Introduction: Sarcomeric hypertrophic cardiomyopathy (HCM) is the most common inherited heart disease. Its prognosis is primarily determined by the risk of ventricular arrhythmias and sudden cardiac death (SCD). This study aimed to describe the rhythm profile of patients with sarcomeric HCM, to identify clinical and paraclinical predictors of arrhythmias, and to assess the risk of SCD using the European Society of Cardiology (ESC) risk stratification score.

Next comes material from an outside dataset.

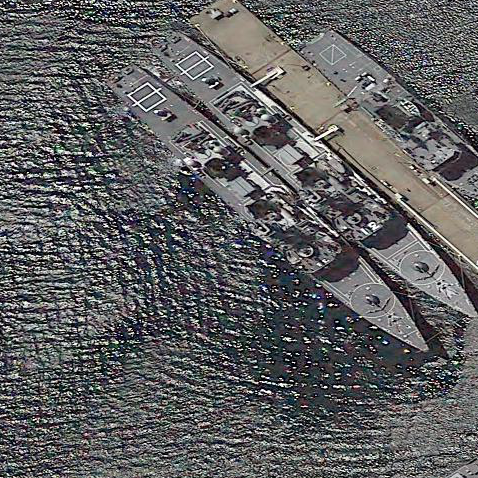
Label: destroyer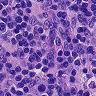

Materials and Methods: This retrospective descriptive study included 30 patients with sarcomeric HCM followed in an electrophysiology department between July 2021 and December 2025. All included patients underwent a complete clinical examination, a surface electrocardiogram (ECG), a 24- to 48-hour Holter ECG recording, a transthoracic echocardiogram, and, for 20 of them, cardiac magnetic resonance (CMR) imaging. The 5-year risk of SCD was calculated using the ESC online risk score.

Results: The mean age of the patients was 46 ± 29 years, with a male-to-female ratio of 2.7. Atrial fibrillation (AF) was the most frequent arrhythmia, affecting 20% of patients (16% of whom presented with a paroxysmal form). Premature ventricular contractions (PVCs) were observed in 90% of patients on Holter monitoring, while only one patient (3.3%) presented with non-sustained ventricular tachycardia (NSVT). Regarding the SCD risk score, 73% of patients were classified as low risk (<4%), 10% as intermediate risk (4–6%), and 17% as high risk (≥6%). Five patients underwent implantable cardioverter-defibrillator (ICD) implantation for primary prevention. Notably, no thromboembolic complications or deaths were recorded during the 4-year follow-up period.

Conclusion: In our series, atrial fibrillation was the most frequent arrhythmia in patients with sarcomeric HCM. The ESC 2014 score proved to be an effective tool for stratifying the risk of SCD. ICD implantation in high-risk patients was well tolerated and may improve prognosis.